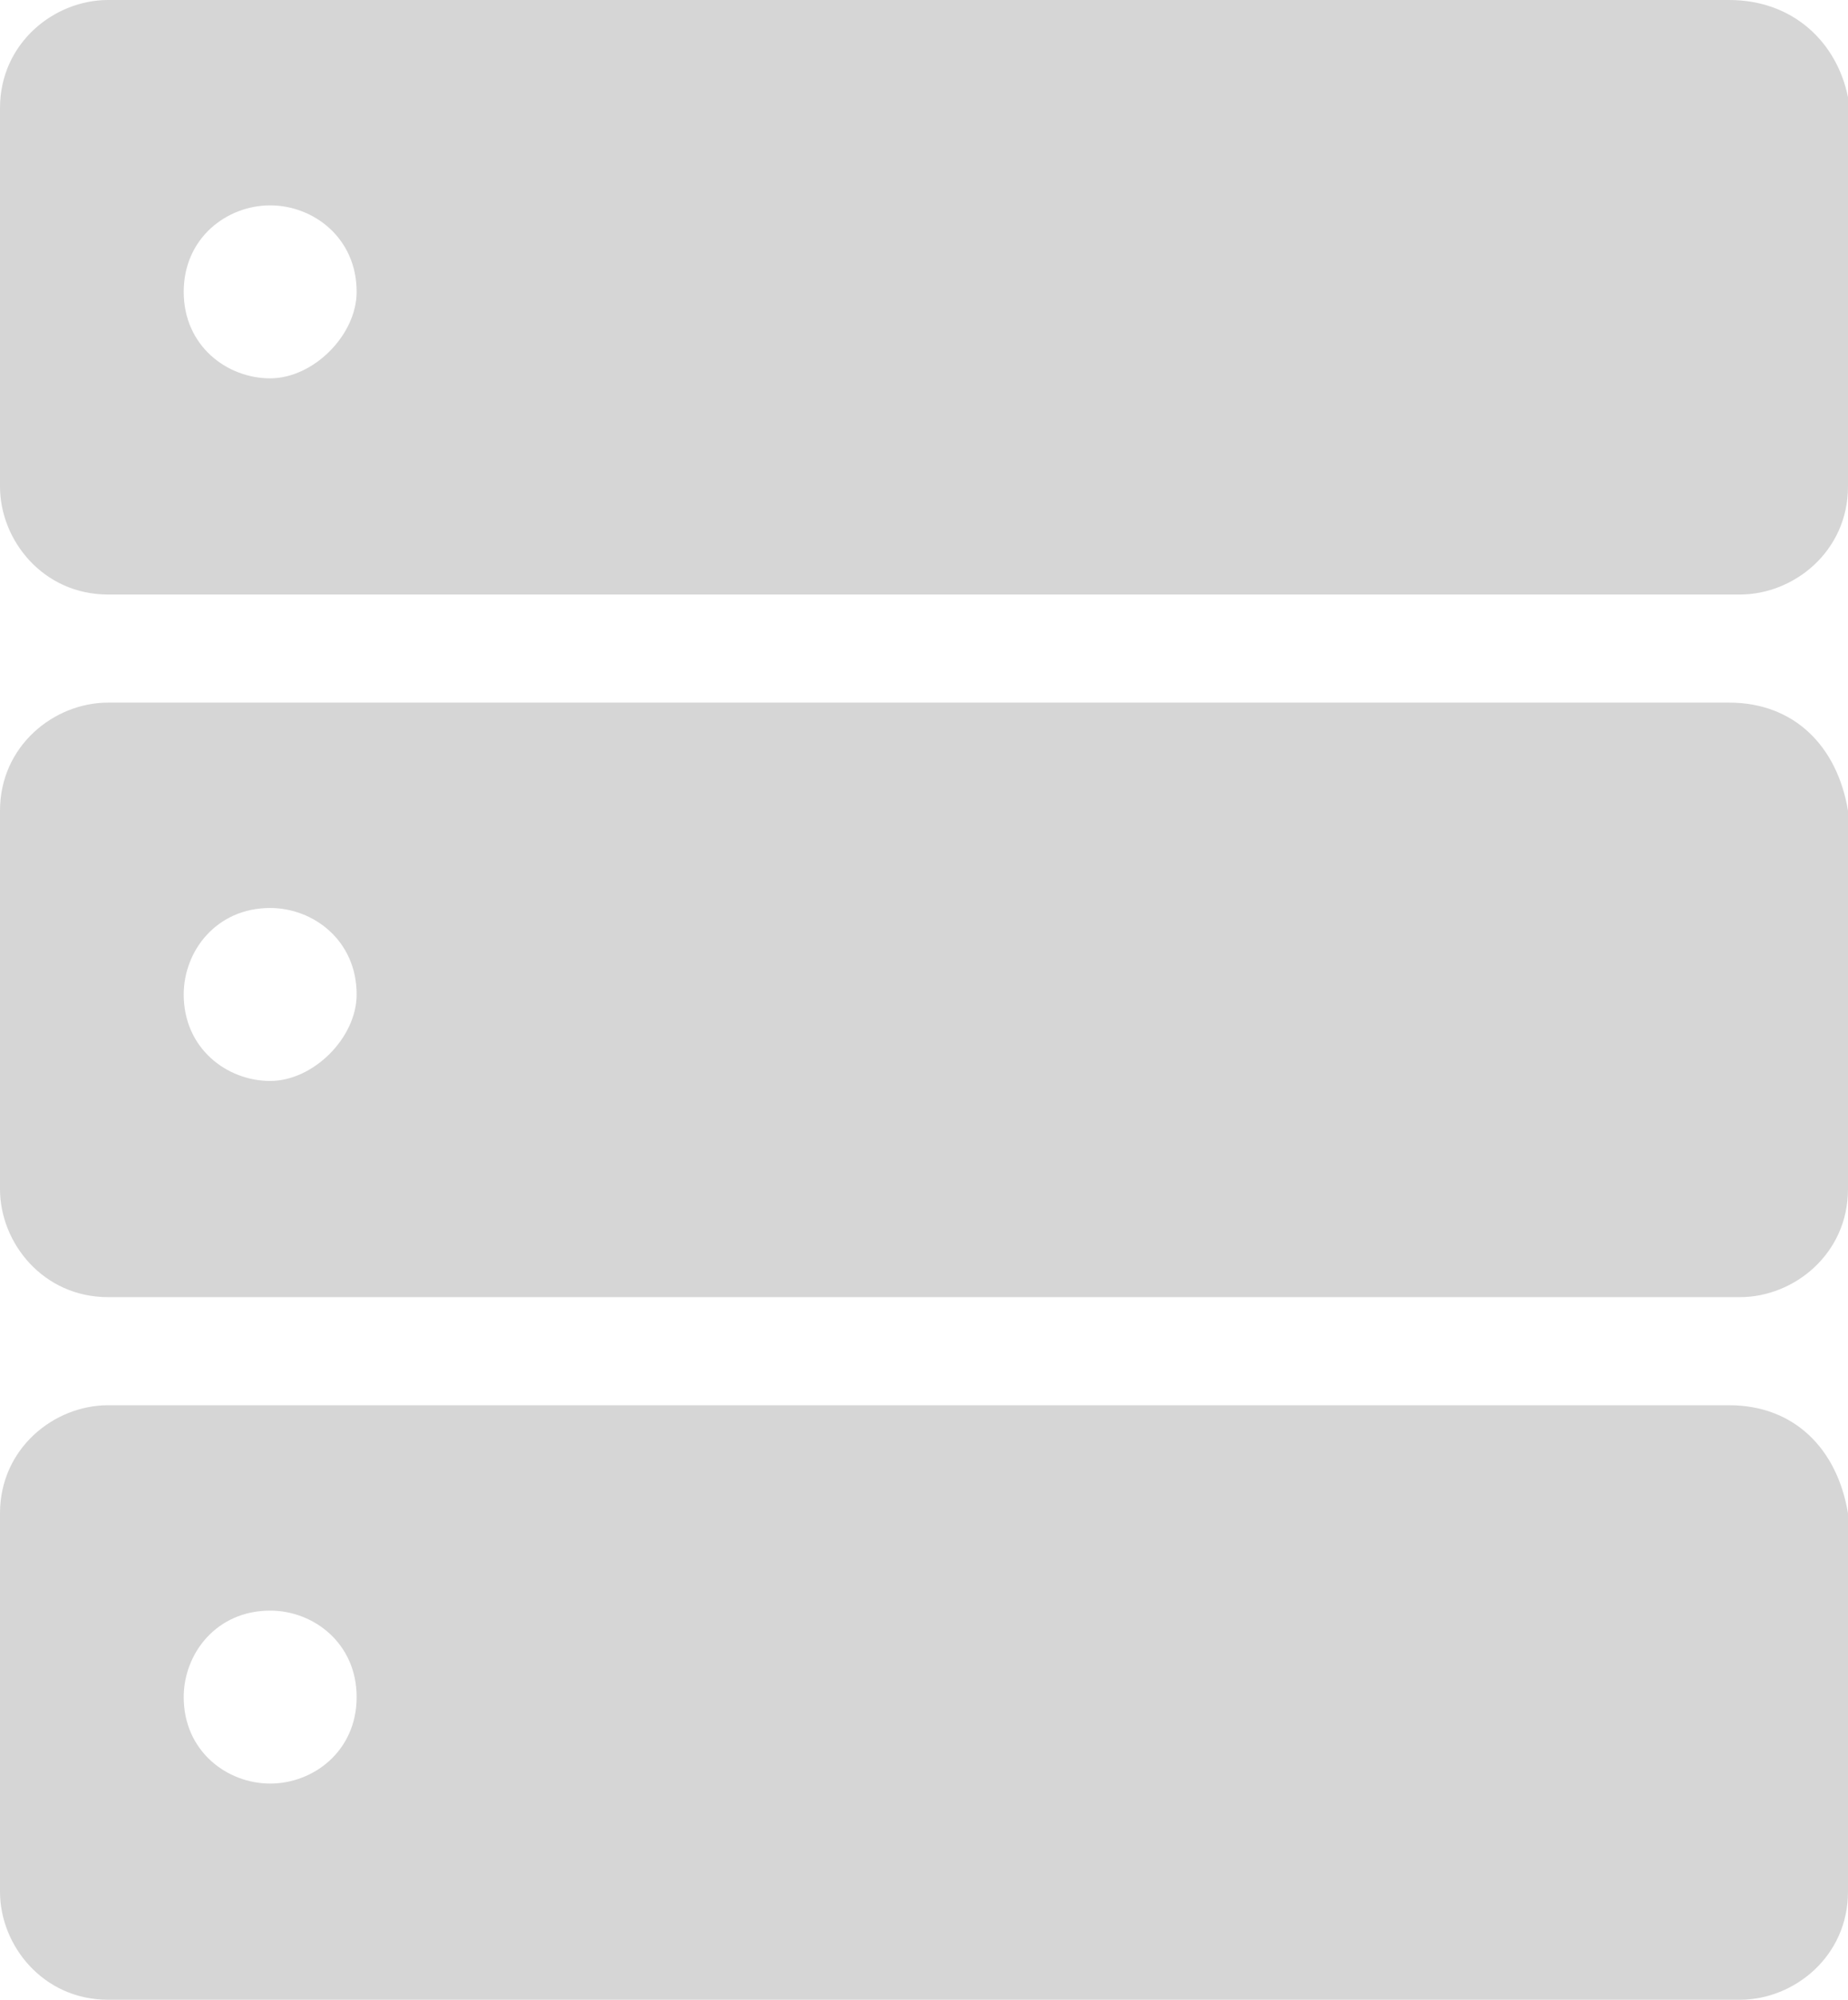 <?xml version="1.0" encoding="utf-8"?>
<!-- Generator: Adobe Illustrator 19.0.0, SVG Export Plug-In . SVG Version: 6.00 Build 0)  -->
<svg version="1.1" id="Layer_1" xmlns="http://www.w3.org/2000/svg" xmlns:xlink="http://www.w3.org/1999/xlink" x="0px" y="0px"
	 viewBox="0 0 17.1 18.5" style="enable-background:new 0 0 17.1 18.5;" xml:space="preserve">
<style type="text/css">
	.st0{fill:#d6d6d6;}
</style>
<g id="Forma_1_12_">
	<g id="XMLID_194_">
		<path id="XMLID_251_" class="st0" d="M16,13H1c-0.5,0-1,0.4-1,1v3.5c0,0.5,0.4,1,1,1h15.1c0.5,0,1-0.4,1-1V14
			C17,13.4,16.6,13,16,13z M2.5,16.5c-0.4,0-0.8-0.3-0.8-0.8c0-0.4,0.3-0.8,0.8-0.8c0.4,0,0.8,0.3,0.8,0.8
			C3.3,16.2,2.9,16.5,2.5,16.5z M16,6.5H1c-0.5,0-1,0.4-1,1V11c0,0.5,0.4,1,1,1h15.1c0.5,0,1-0.4,1-1V7.5C17,6.9,16.6,6.5,16,6.5z
			 M2.5,10c-0.4,0-0.8-0.3-0.8-0.8c0-0.4,0.3-0.8,0.8-0.8c0.4,0,0.8,0.3,0.8,0.8C3.3,9.6,2.9,10,2.5,10z M16,0H1C0.5,0,0,0.4,0,1
			v3.5c0,0.5,0.4,1,1,1h15.1c0.5,0,1-0.4,1-1V0.9C17,0.4,16.6,0,16,0z M2.5,3.5c-0.4,0-0.8-0.3-0.8-0.8s0.4-0.8,0.8-0.8
			s0.8,0.3,0.8,0.8C3.3,3.1,2.9,3.5,2.5,3.5z"/>
	</g>
</g>
</svg>

EXERCISE INSTRUCTIONS:
Please go through the data above and copy every line that has the word "style".

SOLVED PROBLEM:
	 viewBox="0 0 17.1 18.5" style="enable-background:new 0 0 17.1 18.5;" xml:space="preserve">
<style type="text/css">
</style>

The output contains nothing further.